The original considerations about POD focused strictly on being able to interoperate with types defined in 'C', but not on being able to leverage the power of C++ for interfacing with 'C' systems. The examples above illustrate the importance of a predictable data layout for this and other purposes. Therefore:

  1. To facilitate the usability of std::complex in multi-language projects we propose to adopt the definition 6.2.5/13 of ISO/IEC 9899:1999 for std::complex<T>.

  2. To ease reinterpretion of an array of std::complex<T> as an array of T and vice versa, we propose that the member functions for data access return references instead of copies.

  3. We propose that the standard includes a new concept of "Enhanced POD" which allows the use of certain C++ language features such as constructors and inheritance as a notational convenience while providing POD-like guarantees for data layout. The exact definition of Enhanced POD (e.g. no virtual functions, single or multiple inheritance, etc.) is open to discussion.

    By allowing constructors, and thus ensuring initialization to a valid state, the Enhanced POD concept encourages safer programming practices. Right now certain classes (endian arithmetic, for example) are often designed without constructors so that they can be used in contexts requiring POD types. This is neither as safe or convenient as if these classes had constructors.

    Presumably many of the contexts now requiring POD types will be relaxed to require only Enhanced POD types. In particular, it would be very helpful if the requirements on implementations for POD types in 3.9 paragraphs 2-4 could also apply to Enhanced POD types.

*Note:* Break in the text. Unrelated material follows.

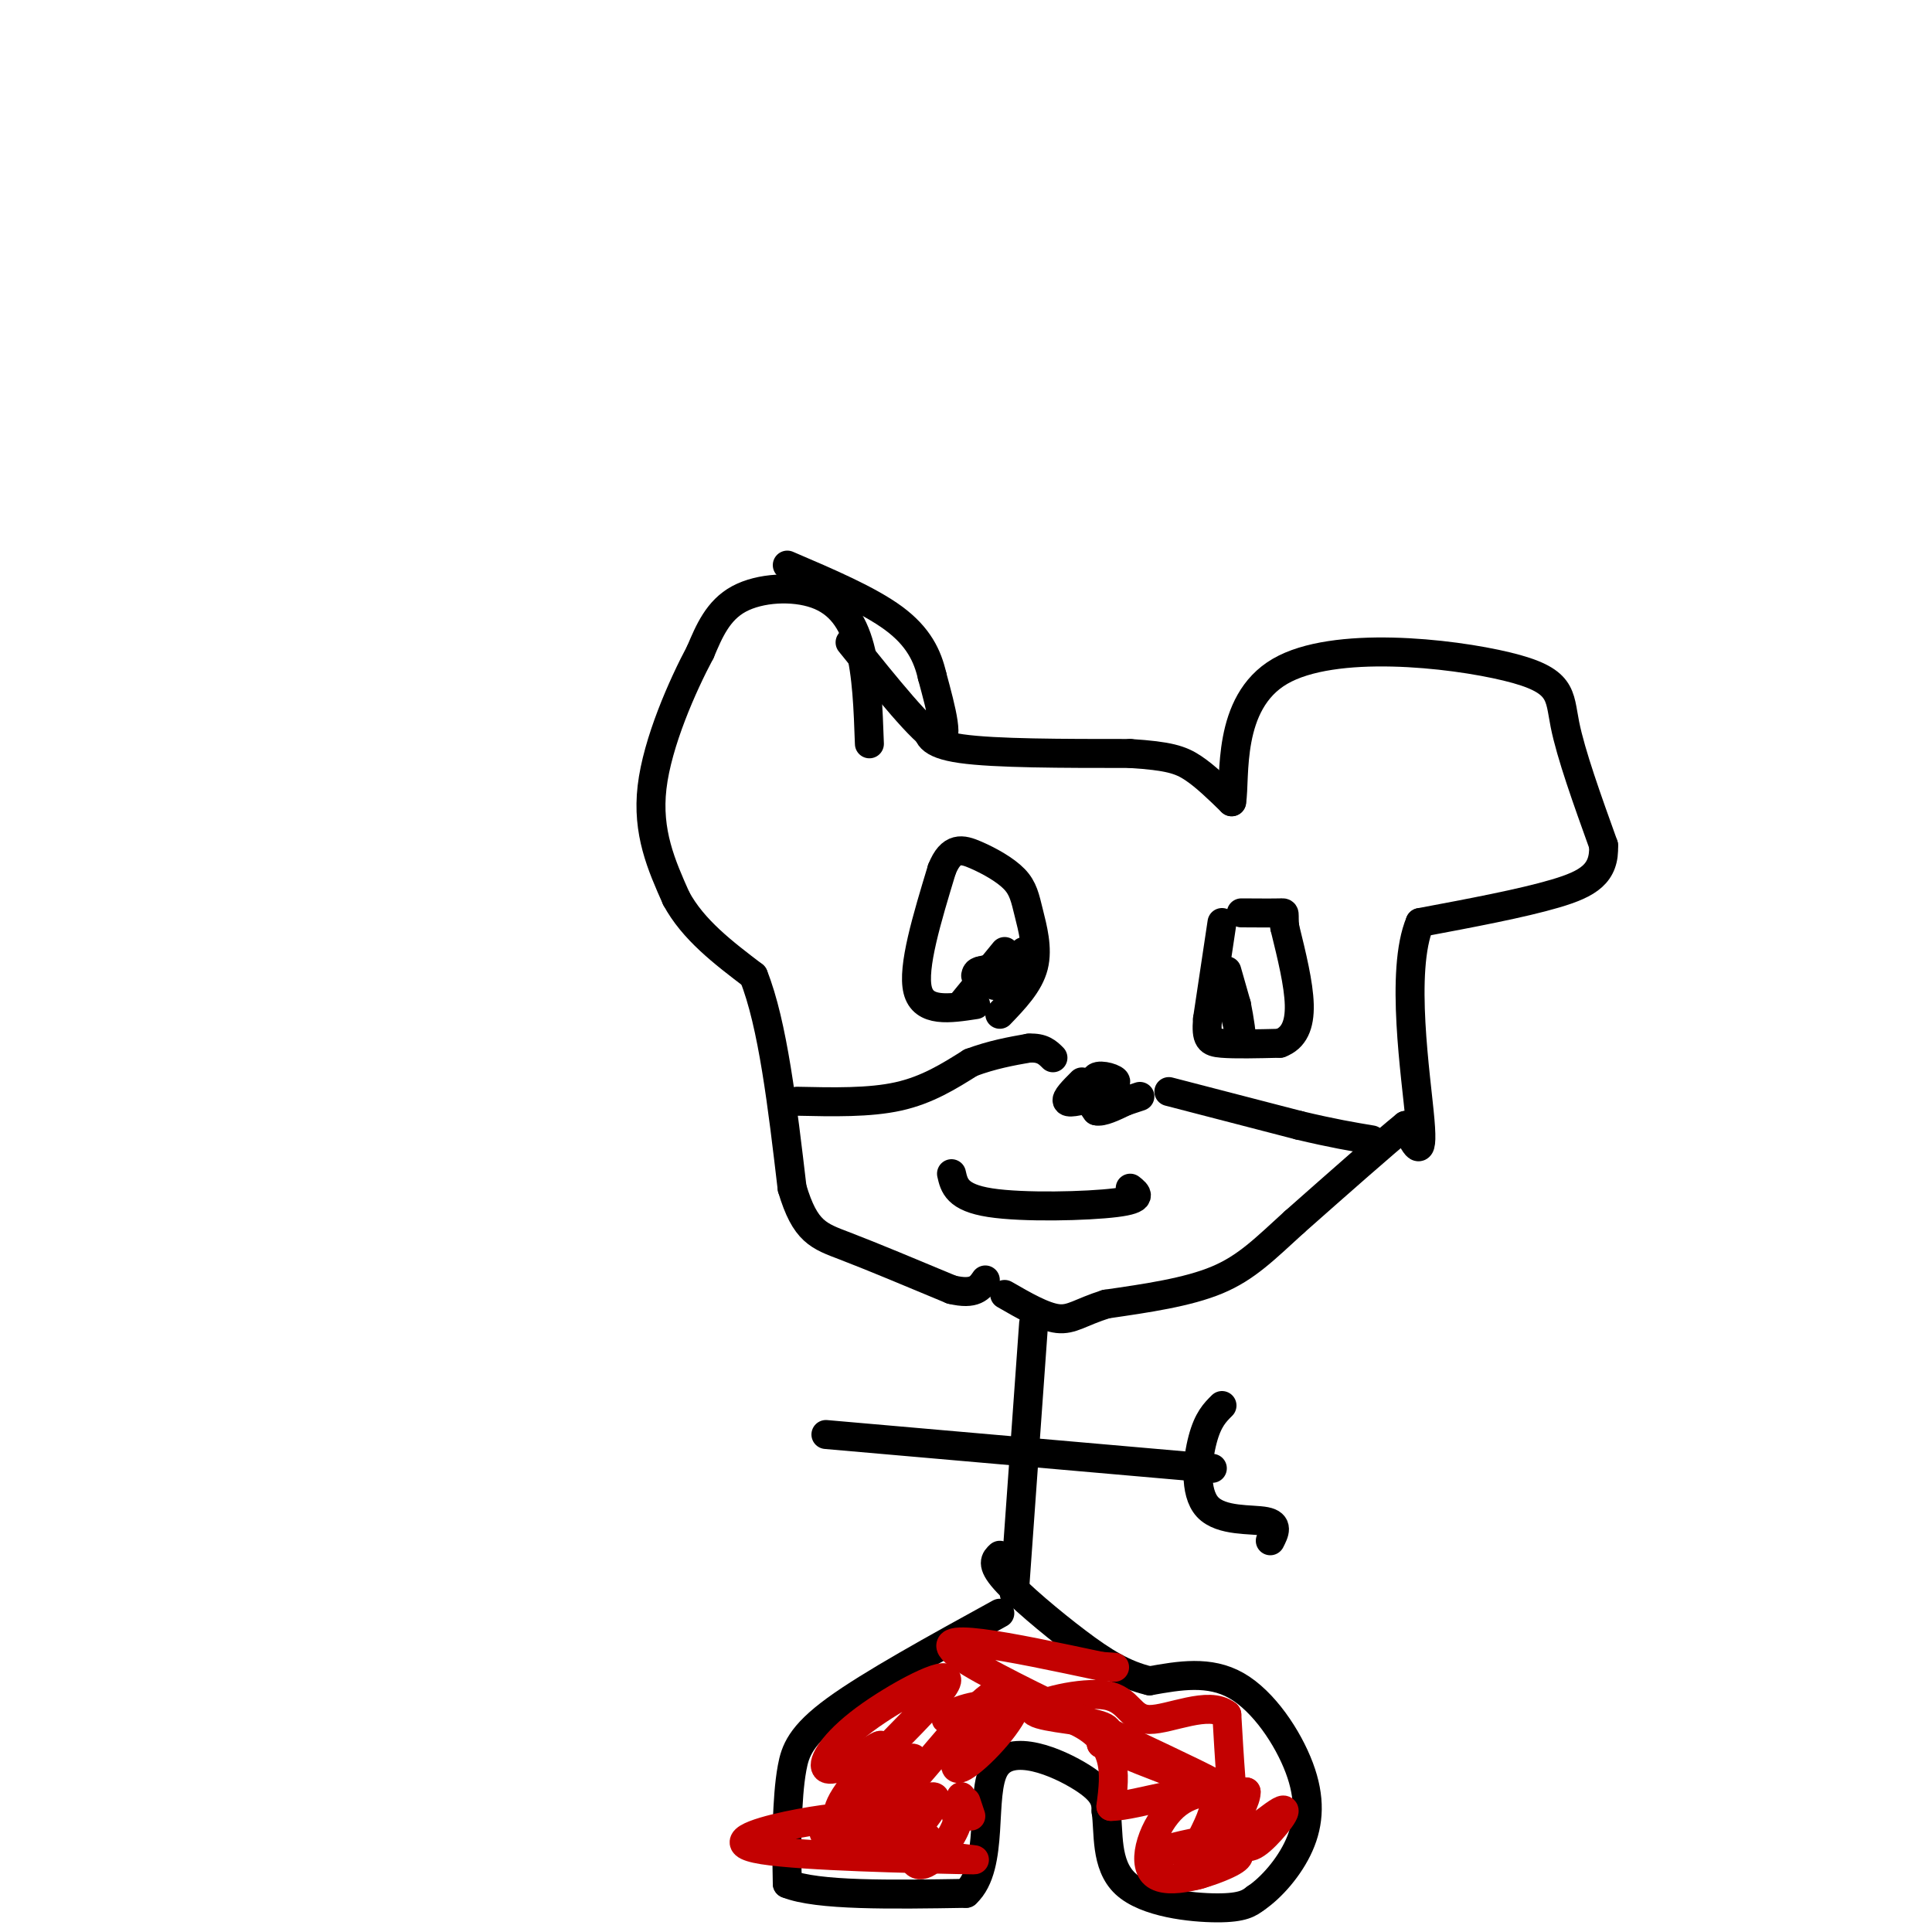 <svg viewBox='0 0 400 400' version='1.1' xmlns='http://www.w3.org/2000/svg' xmlns:xlink='http://www.w3.org/1999/xlink'><g fill='none' stroke='rgb(0,0,0)' stroke-width='6' stroke-linecap='round' stroke-linejoin='round'><path d='M180,154c-0.256,-7.244 -0.512,-14.488 -2,-20c-1.488,-5.512 -4.208,-9.292 -9,-11c-4.792,-1.708 -11.655,-1.345 -16,1c-4.345,2.345 -6.173,6.673 -8,11'/><path d='M145,135c-3.689,6.911 -8.911,18.689 -10,28c-1.089,9.311 1.956,16.156 5,23'/><path d='M140,186c3.500,6.500 9.750,11.250 16,16'/><path d='M156,202c4.000,10.000 6.000,27.000 8,44'/><path d='M164,246c2.711,9.111 5.489,9.889 11,12c5.511,2.111 13.756,5.556 22,9'/><path d='M197,267c4.833,1.167 5.917,-0.417 7,-2'/><path d='M224,224c-1.750,1.750 -3.500,3.500 -3,4c0.500,0.500 3.250,-0.250 6,-1'/><path d='M227,227c0.603,-1.102 -0.890,-3.357 0,-4c0.890,-0.643 4.163,0.327 4,1c-0.163,0.673 -3.761,1.049 -5,2c-1.239,0.951 -0.120,2.475 1,4'/><path d='M227,230c1.167,0.333 3.583,-0.833 6,-2'/><path d='M233,228c1.500,-0.500 2.250,-0.750 3,-1'/><path d='M176,133c7.583,9.417 15.167,18.833 18,20c2.833,1.167 0.917,-5.917 -1,-13'/><path d='M193,140c-0.956,-4.200 -2.844,-8.200 -8,-12c-5.156,-3.800 -13.578,-7.400 -22,-11'/><path d='M192,150c0.000,2.000 0.000,4.000 7,5c7.000,1.000 21.000,1.000 35,1'/><path d='M234,156c7.978,0.511 10.422,1.289 13,3c2.578,1.711 5.289,4.356 8,7'/><path d='M255,166c0.820,-4.860 -1.131,-20.509 10,-27c11.131,-6.491 35.343,-3.825 47,-1c11.657,2.825 10.759,5.807 12,12c1.241,6.193 4.620,15.596 8,25'/><path d='M332,175c0.267,5.844 -3.067,7.956 -10,10c-6.933,2.044 -17.467,4.022 -28,6'/><path d='M294,191c-4.222,10.000 -0.778,32.000 0,41c0.778,9.000 -1.111,5.000 -3,1'/><path d='M291,233c-4.333,3.500 -13.667,11.750 -23,20'/><path d='M268,253c-6.111,5.556 -9.889,9.444 -16,12c-6.111,2.556 -14.556,3.778 -23,5'/><path d='M229,270c-5.311,1.667 -7.089,3.333 -10,3c-2.911,-0.333 -6.956,-2.667 -11,-5'/><path d='M253,191c0.000,0.000 -3.000,20.000 -3,20'/><path d='M250,211c-0.333,4.222 0.333,4.778 3,5c2.667,0.222 7.333,0.111 12,0'/><path d='M265,216c2.889,-1.067 4.111,-3.733 4,-8c-0.111,-4.267 -1.556,-10.133 -3,-16'/><path d='M266,192c-0.333,-3.156 0.333,-3.044 -1,-3c-1.333,0.044 -4.667,0.022 -8,0'/><path d='M254,201c0.000,0.000 2.000,7.000 2,7'/><path d='M256,208c0.622,3.000 1.178,7.000 1,7c-0.178,0.000 -1.089,-4.000 -2,-8'/><path d='M202,208c-5.417,0.833 -10.833,1.667 -12,-3c-1.167,-4.667 1.917,-14.833 5,-25'/><path d='M195,180c1.912,-4.775 4.192,-4.213 7,-3c2.808,1.213 6.144,3.078 8,5c1.856,1.922 2.230,3.902 3,7c0.770,3.098 1.934,7.314 1,11c-0.934,3.686 -3.967,6.843 -7,10'/><path d='M212,197c-2.733,3.289 -5.467,6.578 -6,7c-0.533,0.422 1.133,-2.022 1,-3c-0.133,-0.978 -2.067,-0.489 -4,0'/><path d='M203,201c-0.833,0.167 -0.917,0.583 -1,1'/><path d='M208,197c0.000,0.000 -9.000,11.000 -9,11'/><path d='M165,228c7.500,0.167 15.000,0.333 21,-1c6.000,-1.333 10.500,-4.167 15,-7'/><path d='M201,220c4.500,-1.667 8.250,-2.333 12,-3'/><path d='M213,217c2.833,-0.167 3.917,0.917 5,2'/><path d='M242,226c0.000,0.000 27.000,7.000 27,7'/><path d='M269,233c7.000,1.667 11.000,2.333 15,3'/><path d='M197,243c0.556,2.467 1.111,4.933 8,6c6.889,1.067 20.111,0.733 26,0c5.889,-0.733 4.444,-1.867 3,-3'/><path d='M214,274c0.000,0.000 -4.000,56.000 -4,56'/><path d='M207,334c-13.378,7.356 -26.756,14.711 -34,20c-7.244,5.289 -8.356,8.511 -9,12c-0.644,3.489 -0.822,7.244 -1,11'/><path d='M163,377c-0.167,4.000 -0.083,8.500 0,13'/><path d='M163,390c6.167,2.500 21.583,2.250 37,2'/><path d='M200,392c6.071,-5.607 2.750,-20.625 6,-26c3.250,-5.375 13.071,-1.107 18,2c4.929,3.107 4.964,5.054 5,7'/><path d='M229,375c0.643,4.155 -0.250,11.042 4,15c4.250,3.958 13.643,4.988 19,5c5.357,0.012 6.679,-0.994 8,-2'/><path d='M260,393c3.126,-2.099 6.941,-6.346 9,-11c2.059,-4.654 2.362,-9.715 0,-16c-2.362,-6.285 -7.389,-13.796 -13,-17c-5.611,-3.204 -11.805,-2.102 -18,-1'/><path d='M238,348c-5.298,-1.250 -9.542,-3.875 -15,-8c-5.458,-4.125 -12.131,-9.750 -15,-13c-2.869,-3.250 -1.935,-4.125 -1,-5'/><path d='M171,297c0.000,0.000 80.000,7.000 80,7'/></g>
<g fill='none' stroke='rgb(195,1,1)' stroke-width='6' stroke-linecap='round' stroke-linejoin='round'><path d='M201,376c0.000,0.000 -1.000,-3.000 -1,-3'/><path d='M199,372c0.000,0.000 -1.000,4.000 -1,4'/><path d='M199,372c-0.119,2.464 -0.238,4.929 -2,8c-1.762,3.071 -5.167,6.750 -7,6c-1.833,-0.750 -2.095,-5.929 -1,-7c1.095,-1.071 3.548,1.964 6,5'/><path d='M195,384c4.046,1.050 11.162,1.176 3,1c-8.162,-0.176 -31.600,-0.656 -40,-2c-8.400,-1.344 -1.762,-3.554 5,-5c6.762,-1.446 13.646,-2.127 16,-2c2.354,0.127 0.177,1.064 -2,2'/><path d='M177,378c-2.563,0.961 -7.970,2.364 -6,1c1.970,-1.364 11.315,-5.494 16,-7c4.685,-1.506 4.708,-0.387 2,2c-2.708,2.387 -8.149,6.042 -7,5c1.149,-1.042 8.886,-6.780 11,-7c2.114,-0.220 -1.396,5.080 -5,8c-3.604,2.920 -7.302,3.460 -11,4'/><path d='M177,384c-2.386,-0.039 -2.852,-2.136 -3,-4c-0.148,-1.864 0.021,-3.494 4,-7c3.979,-3.506 11.768,-8.888 11,-9c-0.768,-0.112 -10.091,5.047 -12,5c-1.909,-0.047 3.598,-5.299 5,-7c1.402,-1.701 -1.299,0.150 -4,2'/><path d='M178,364c-2.340,1.162 -6.191,3.068 -7,2c-0.809,-1.068 1.422,-5.111 8,-10c6.578,-4.889 17.502,-10.624 17,-8c-0.502,2.624 -12.429,13.607 -18,20c-5.571,6.393 -4.785,8.197 -4,10'/><path d='M174,378c0.578,1.950 4.022,1.826 10,-4c5.978,-5.826 14.489,-17.356 20,-22c5.511,-4.644 8.022,-2.404 6,2c-2.022,4.404 -8.578,10.973 -11,12c-2.422,1.027 -0.711,-3.486 1,-8'/><path d='M200,358c1.320,-2.320 4.120,-4.120 3,-4c-1.120,0.120 -6.159,2.159 -7,2c-0.841,-0.159 2.517,-2.517 8,-3c5.483,-0.483 13.092,0.908 18,3c4.908,2.092 7.117,4.883 8,8c0.883,3.117 0.442,6.558 0,10'/><path d='M230,374c5.334,0.000 18.670,-5.000 21,-2c2.330,3.000 -6.344,14.000 -5,16c1.344,2.000 12.708,-5.000 12,-7c-0.708,-2.000 -13.488,1.000 -17,2c-3.512,1.000 2.244,0.000 8,-1'/><path d='M249,382c2.409,-0.021 4.433,0.428 6,1c1.567,0.572 2.678,1.267 -1,3c-3.678,1.733 -12.144,4.505 -15,2c-2.856,-2.505 -0.102,-10.287 4,-14c4.102,-3.713 9.551,-3.356 15,-3'/><path d='M258,371c0.127,3.117 -7.054,12.410 -6,13c1.054,0.590 10.344,-7.522 13,-9c2.656,-1.478 -1.324,3.679 -4,6c-2.676,2.321 -4.050,1.806 -5,-3c-0.950,-4.806 -1.475,-13.903 -2,-23'/><path d='M254,355c-3.685,-2.989 -11.899,1.039 -16,1c-4.101,-0.039 -4.089,-4.144 -9,-5c-4.911,-0.856 -14.745,1.539 -15,3c-0.255,1.461 9.070,1.989 13,3c3.930,1.011 2.465,2.506 1,4'/><path d='M228,361c8.798,4.000 30.292,12.000 23,8c-7.292,-4.000 -43.369,-20.000 -52,-26c-8.631,-6.000 10.185,-2.000 29,2'/><path d='M228,345c4.833,0.333 2.417,0.167 0,0'/></g>
<g fill='none' stroke='rgb(0,0,0)' stroke-width='6' stroke-linecap='round' stroke-linejoin='round'><path d='M253,291c-1.452,1.440 -2.905,2.881 -4,7c-1.095,4.119 -1.833,10.917 1,14c2.833,3.083 9.238,2.452 12,3c2.762,0.548 1.881,2.274 1,4'/></g>
</svg>

We encourage the committee to consider the Enhanced POD proposal separately from the others.

The proposals will allow to (a) build arrays of std::complex<T> with a predictable data layout and (b) portably pass T* pointers to these arrays to other languages, e.g.:

void foo(double *data, long n); // C library function
std::vector<std::complex<double> > vec;
// fill vec
foo(&vec[0].real(), vec.size());

Acknowledgments

John Spicer's "advice and consent" was invaluable in formulating this proposal. We thank Beman Dawes for contributing substantive additional motivation, and Robert Stewart for careful proof reading.